Monday, August 1, 2011

a prayer for peace.

After a phone call today with a close friend (who will be spending the semester in Guatemala with me), I really began to think about what the next four months of my life are going to entail...complete change and a magnificently different environment. It's official, I leave in 36 days for my semester in Antigua, Guatemala and I have finally come to terms that this is really happening. It's been rather surreal this entire summer as I try to make it through my job, summer class, the big test, and my student teaching interview (the latter two which have not happened yet). But it hit me today that I will be spending 15 weeks away from my family, my home, my bed, my school...it's a crazy thing to think about. 
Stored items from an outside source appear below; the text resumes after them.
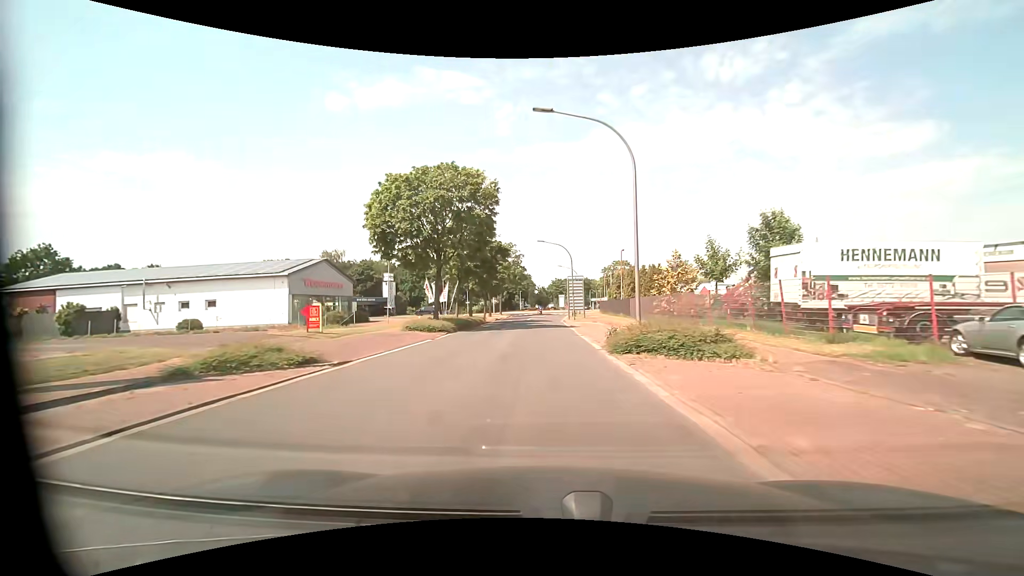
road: unclassified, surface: asphalt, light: Day
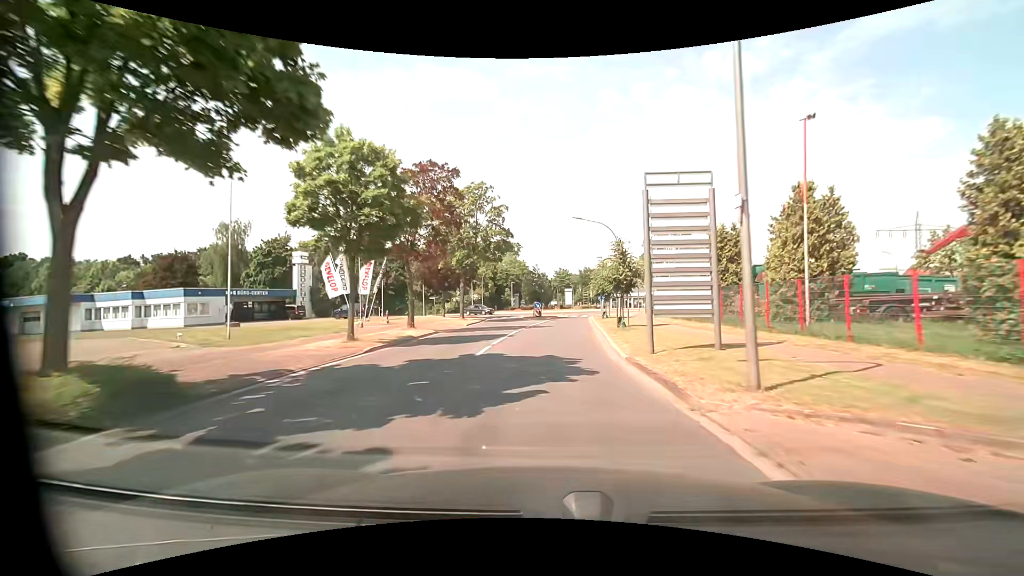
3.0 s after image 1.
(-0.2, +40.9) m; -1°
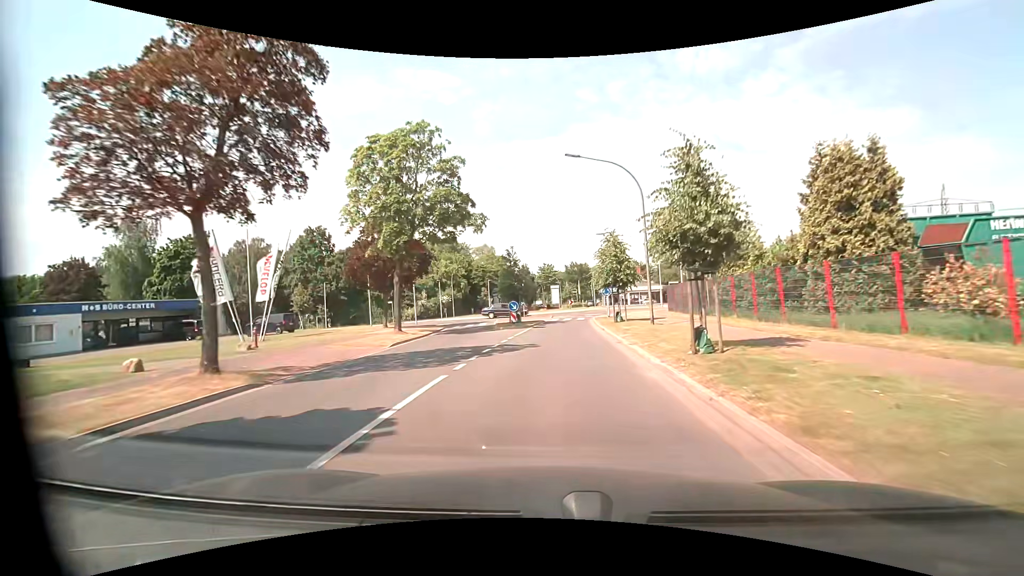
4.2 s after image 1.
(+0.3, +15.3) m; +2°
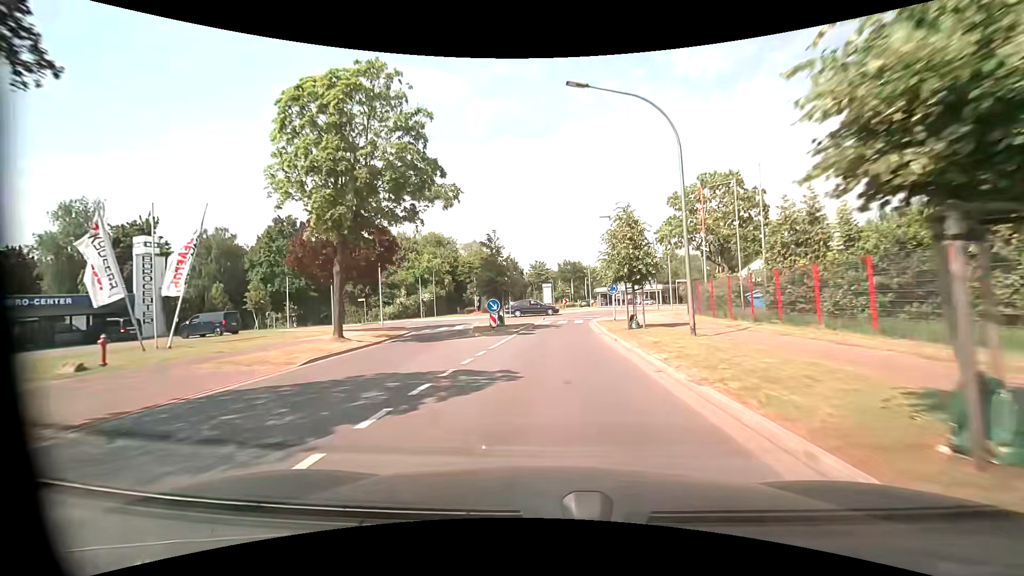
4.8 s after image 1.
(0.0, +7.1) m; +1°
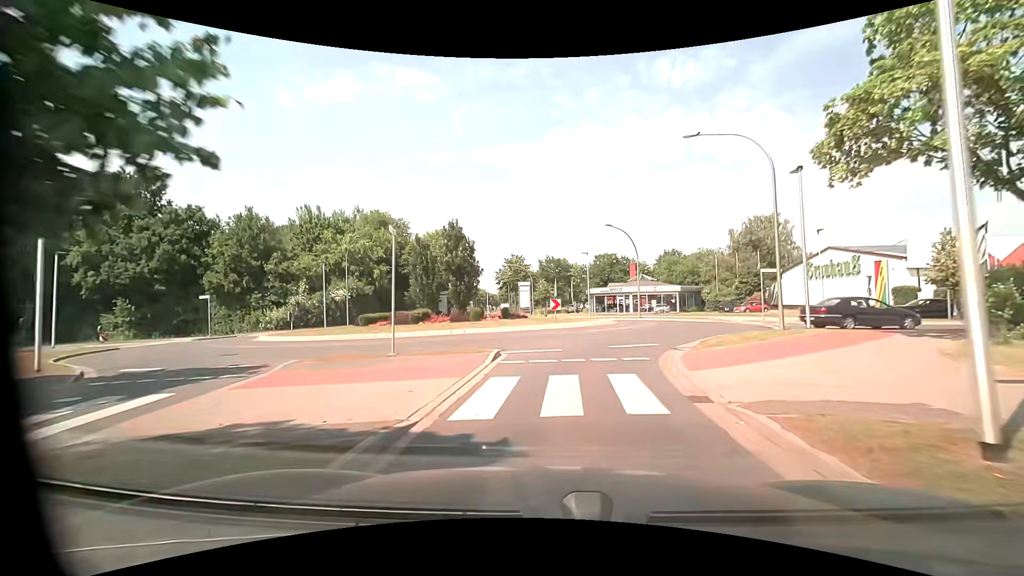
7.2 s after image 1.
(+0.5, +24.5) m; +2°
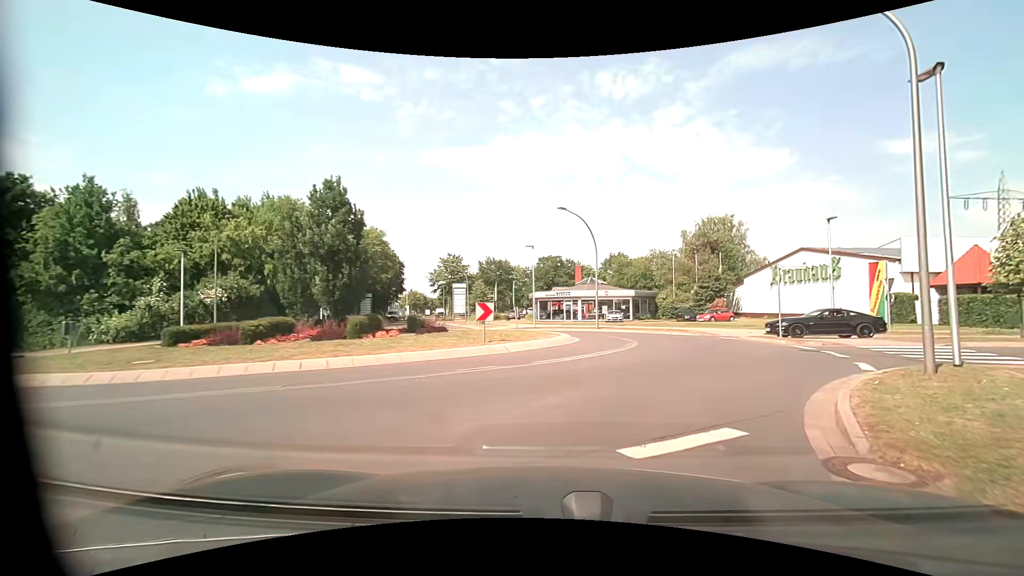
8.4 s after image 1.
(+0.4, +9.4) m; +7°
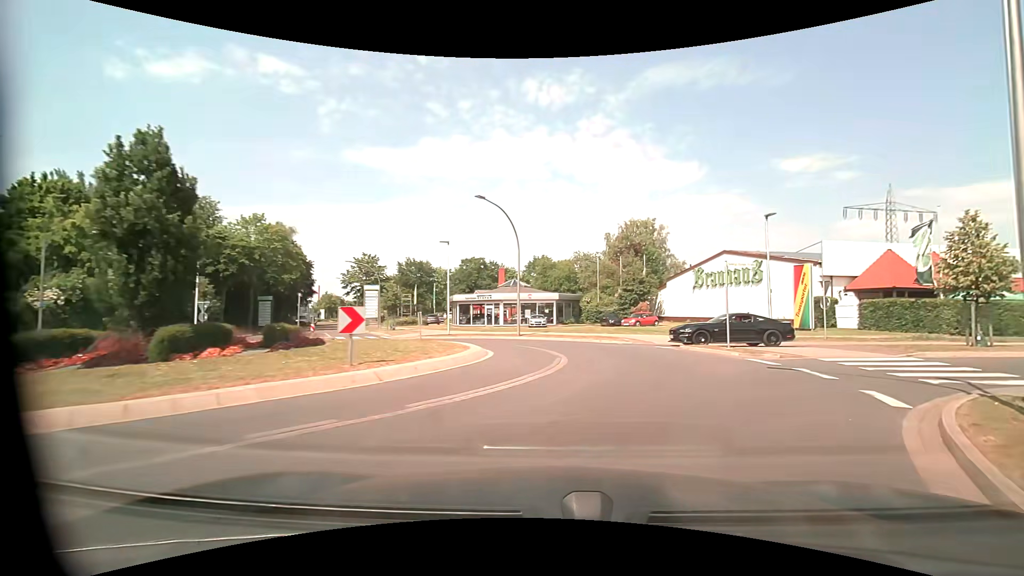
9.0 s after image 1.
(+0.3, +4.2) m; +8°
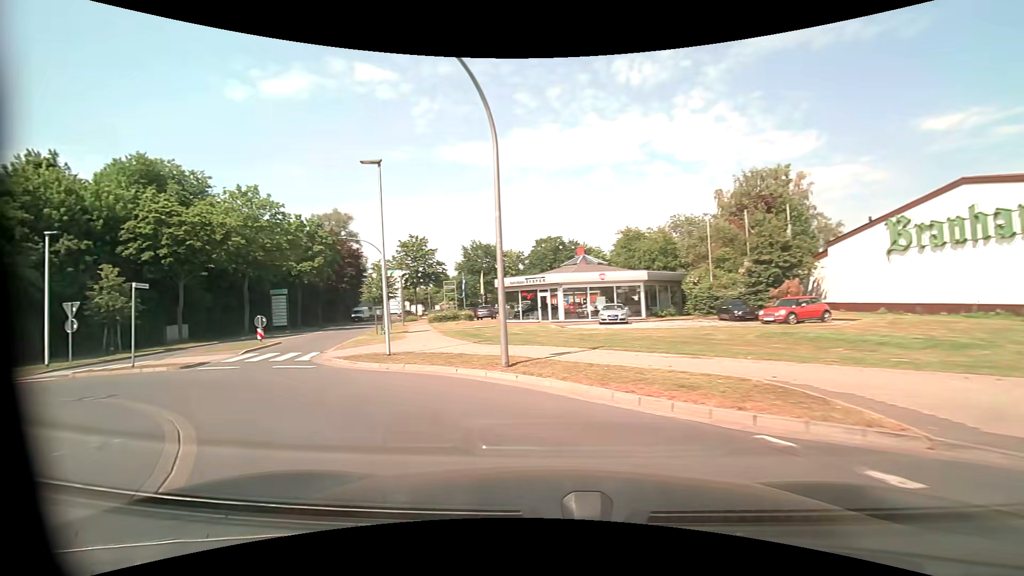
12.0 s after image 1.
(+2.2, +17.8) m; -11°
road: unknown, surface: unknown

I am quickly learning, however, that this is the opportunity of a lifetime and there are more people in this world that will NEVER have such an awesome opportunity. I am young and there are many experiences ahead of me in this life, this being one of them. So, the following is my prayer...and I ask you to commit to praying this prayer with me (for me) now and while I am in Guatemala. 

Heavenly Father, 
I humbly come before you knowing that you are a great God with a mighty plan for my life. Right now I can honestly say that I am anxious, nervous, and scared for this new experience. It is all unknown and I am the queen of planning which makes this even more challenging for me. I know that this has been a part of your plan for my life forever and I rest assured that you are in control of all things. I thank you for giving me this opportunity to learn and grow and flourish, and I ask that you ignite a passion and excitement in my heart for this trip. God, I also ask for that peace that surpasses all understanding as I leave everything that I know and venture out into the unknown. I pray that I will feel your presence as I study, volunteer, and live with the Guatemalan people. I pray that you give me a new passion and open my eyes for what you have in store for me in this life. I pray that I would embrace this beautiful gift you have given me and live it to the fullest with the people that I am with. I pray for a sense of safety as I go into a land much different than my own. I ask that you would bless my family while I am gone and keep them safe in their daily activities. You are the God of peace and strength and joy and I ask that you would place each of those on my heart as I begin this incredible journey that I see as the beginning of my independent, adult life. Let me be a light that shines before men, that they would see You in me. Cast away any fear, doubt, or anxiety and may I board the plane clinging to my confidence in Jesus Christ. Thank you, Father. I pray in the magnificent name of Christ, Amen. 

1 Samuel 1:17
Eli answered, "Go in peace, and may the God of Israel grant you what you have asked of him."